G. Sarre : Non, je ne pense pas que ça soit la solution, je crois qu’il faut rechercher les mesures pratiques, disciplinaires qu’il faut prendre quand c’est nécessaire. Mais, je ne pense pas que c’est parce qu’on enlèvera les allocations familiales à un foyer que les choses iront mieux. Je pense qu’au contraire, cela aurait tendance à les aggraver. Mais, il ne faut pas rester les bras ballants. Il faut agir et montrer que dans ce pays, il y a une volonté de justice et en même temps d’efficacité.
P. Lapousterle : Approuvez-vous les déclarations de M. Jospin, hier au Mali, assurant les autorités de Bamako que la méthode du charter ne serait plus utilisée pour les reconductions à la frontière ?
G. Sarre : Oui, c’est ce que le Gouvernement a dit tout de suite, dès son installation : une circulaire pour régulariser la situation de ceux qui se trouvaient dans une situation juridiquement insoutenable et absurde, puisqu’ils n’étaient ni expulsables, ni régularisables. Donc, pas de charter. En même temps, une politique de co-développement qui est mise en place...
P. Lapousterle : On n’a pas d’argent pour la faire.

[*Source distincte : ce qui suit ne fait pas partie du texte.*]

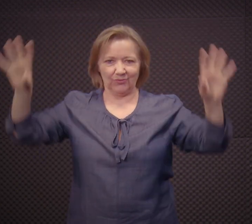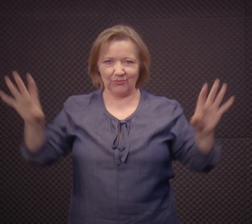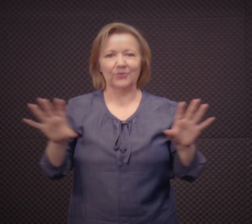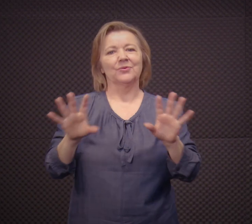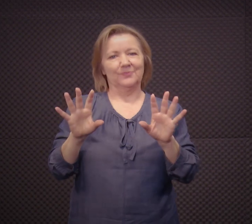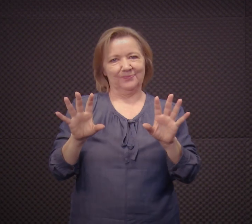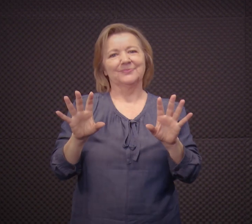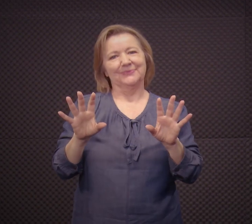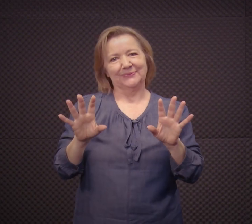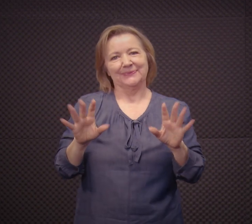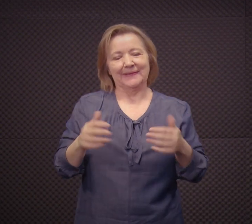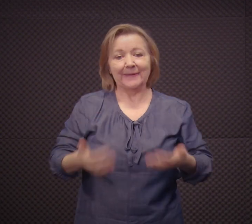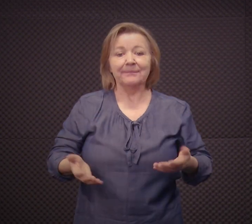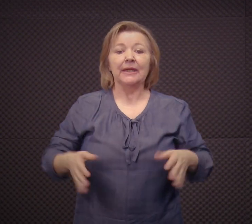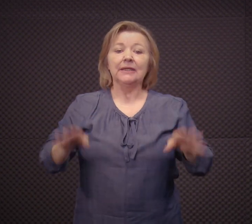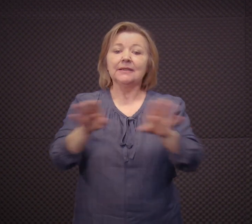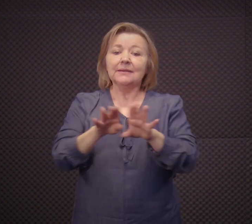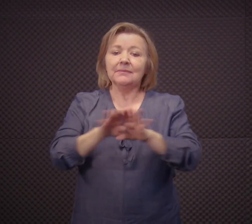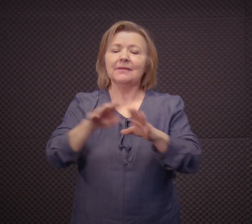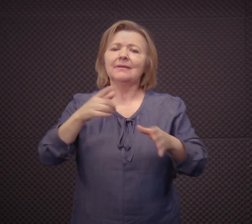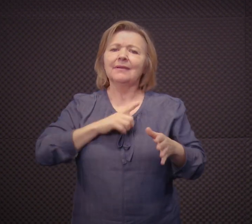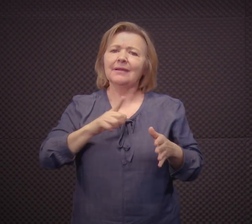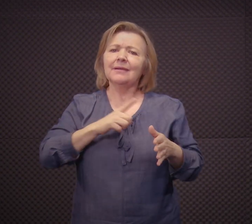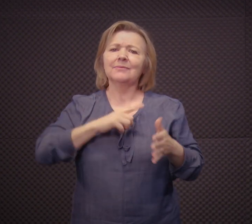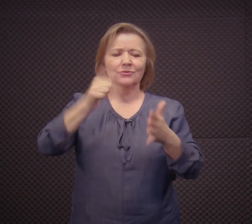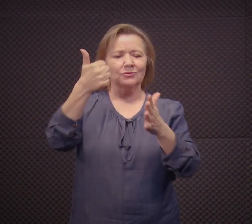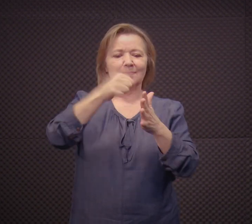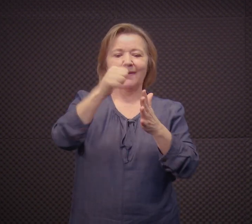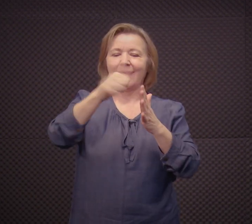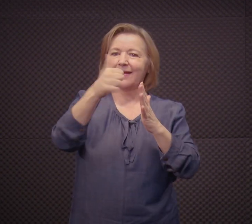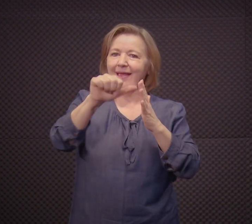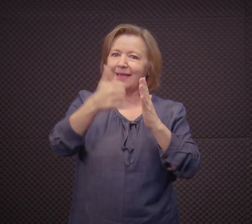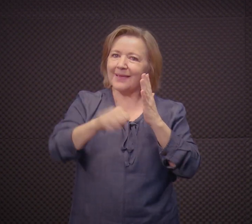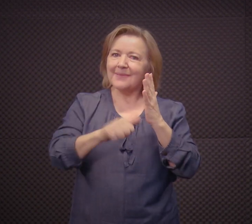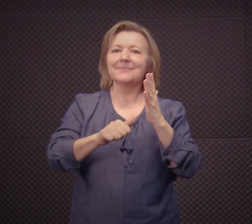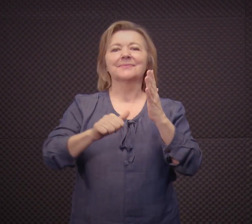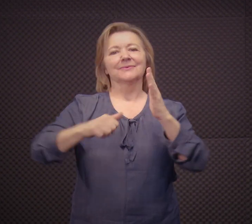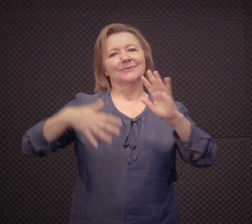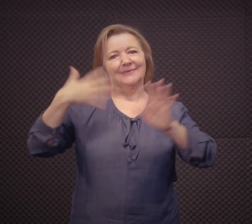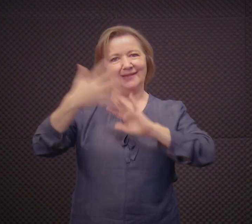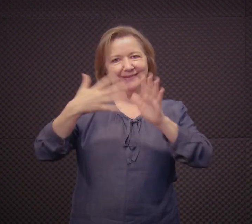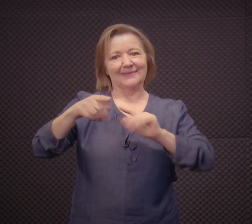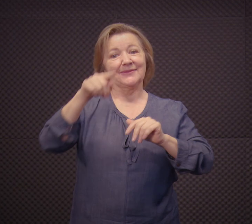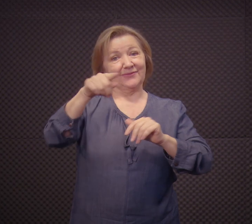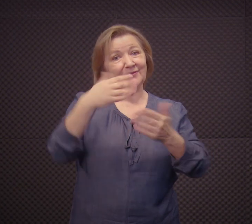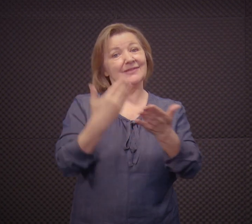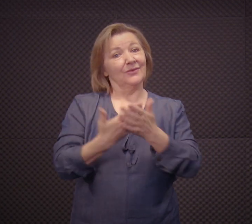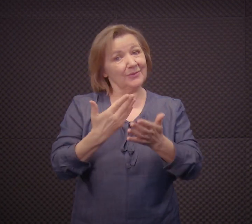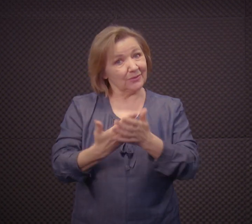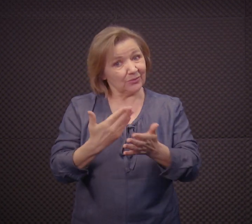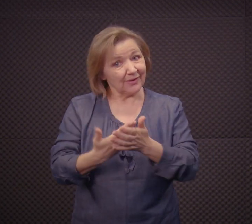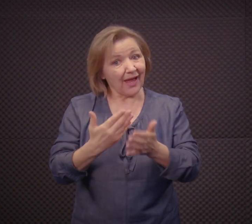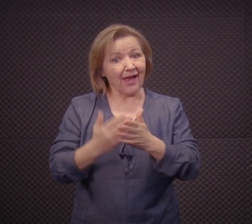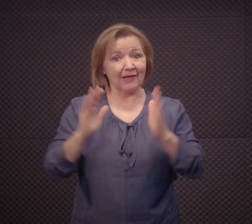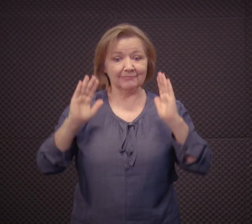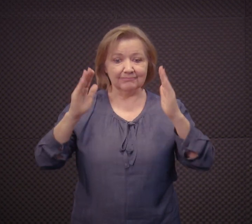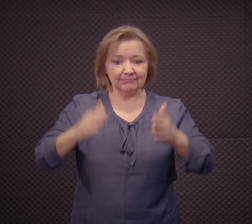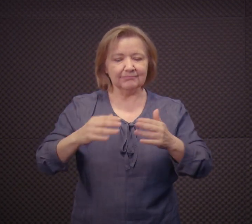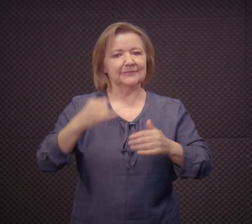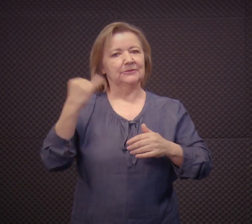variação e cada país tem a sua própria língua. Nós temos também os parâmetros que vocês vão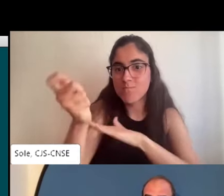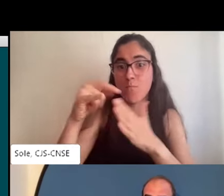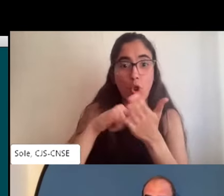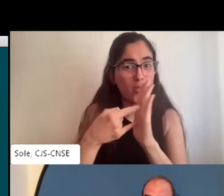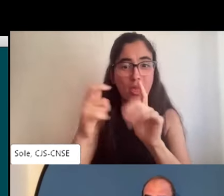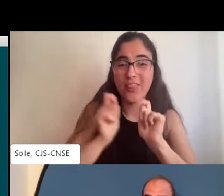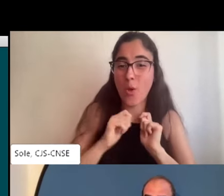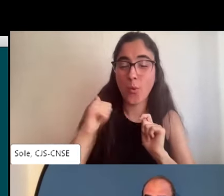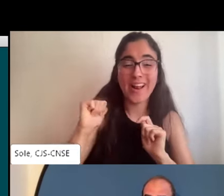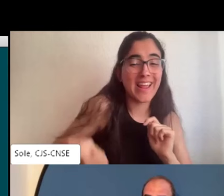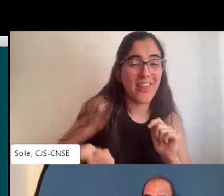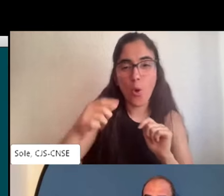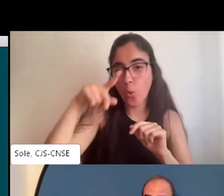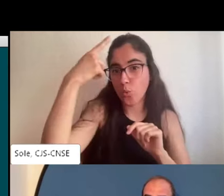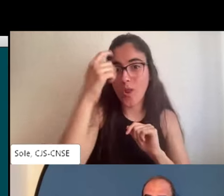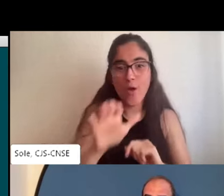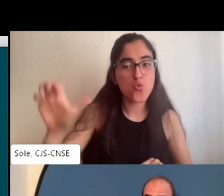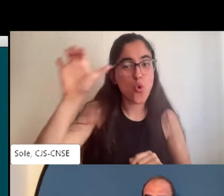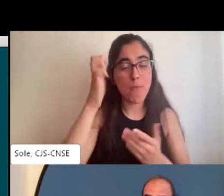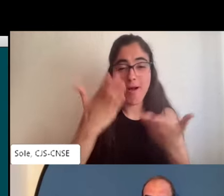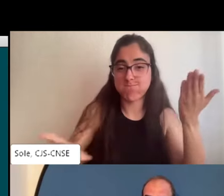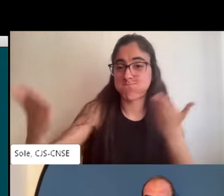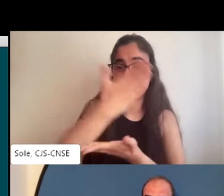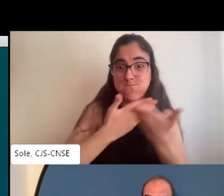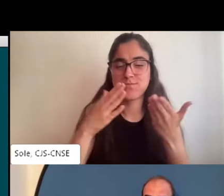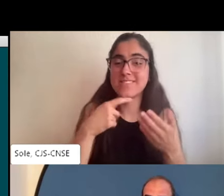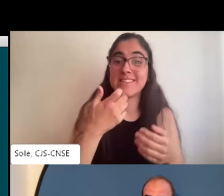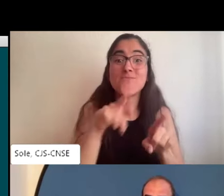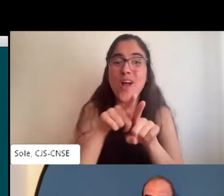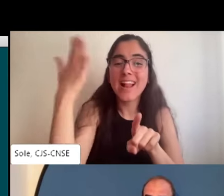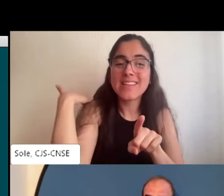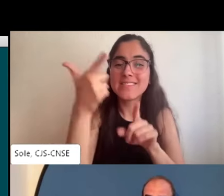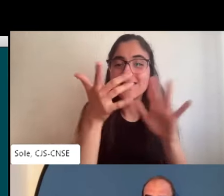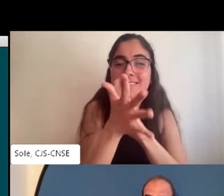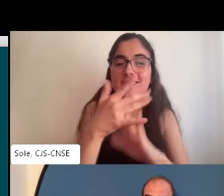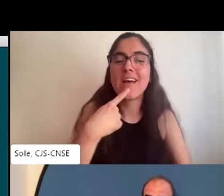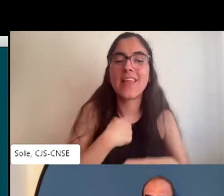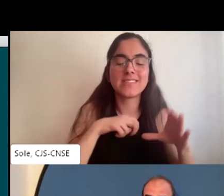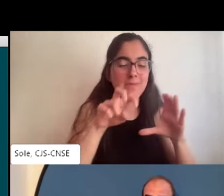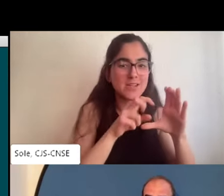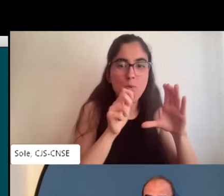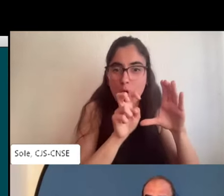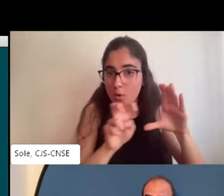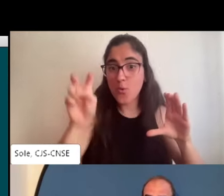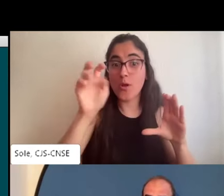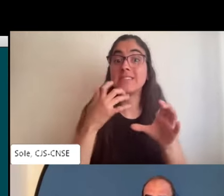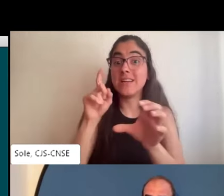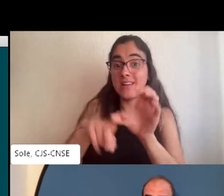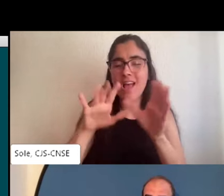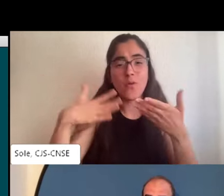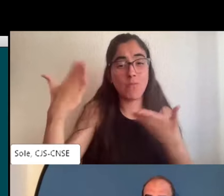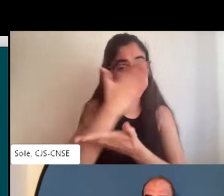realizados por Erasmus Plus y trabajar en ellos porque te da una riqueza a nivel cultural y a nivel europeo que como te decía

G. Sarre : Mais attendez, il ne s’agit pas d’argent, il s’agit d’avoir une politique de co-développement pour tisser des liens nouveaux, responsables, fondés sur le respect de l’autre avec les pays d’Afrique, plus largement les autres pays. Alors, est-ce que j’approuve la politique, les déclarations de L. Jospin en direction de l’Afrique ? Je dis oui. Je pense même que j’ai éprouvé une grande satisfaction en écoutant cette déclaration. Car, il a parlé vrai, il a parlé franc. Il a dit, voilà, venir en France en situation irrégulière, ce n’est plus possible. Mais, en même temps, les gens doivent repartir dans le cadre de cette politique de co-développement et cela doit se faire dans la dignité.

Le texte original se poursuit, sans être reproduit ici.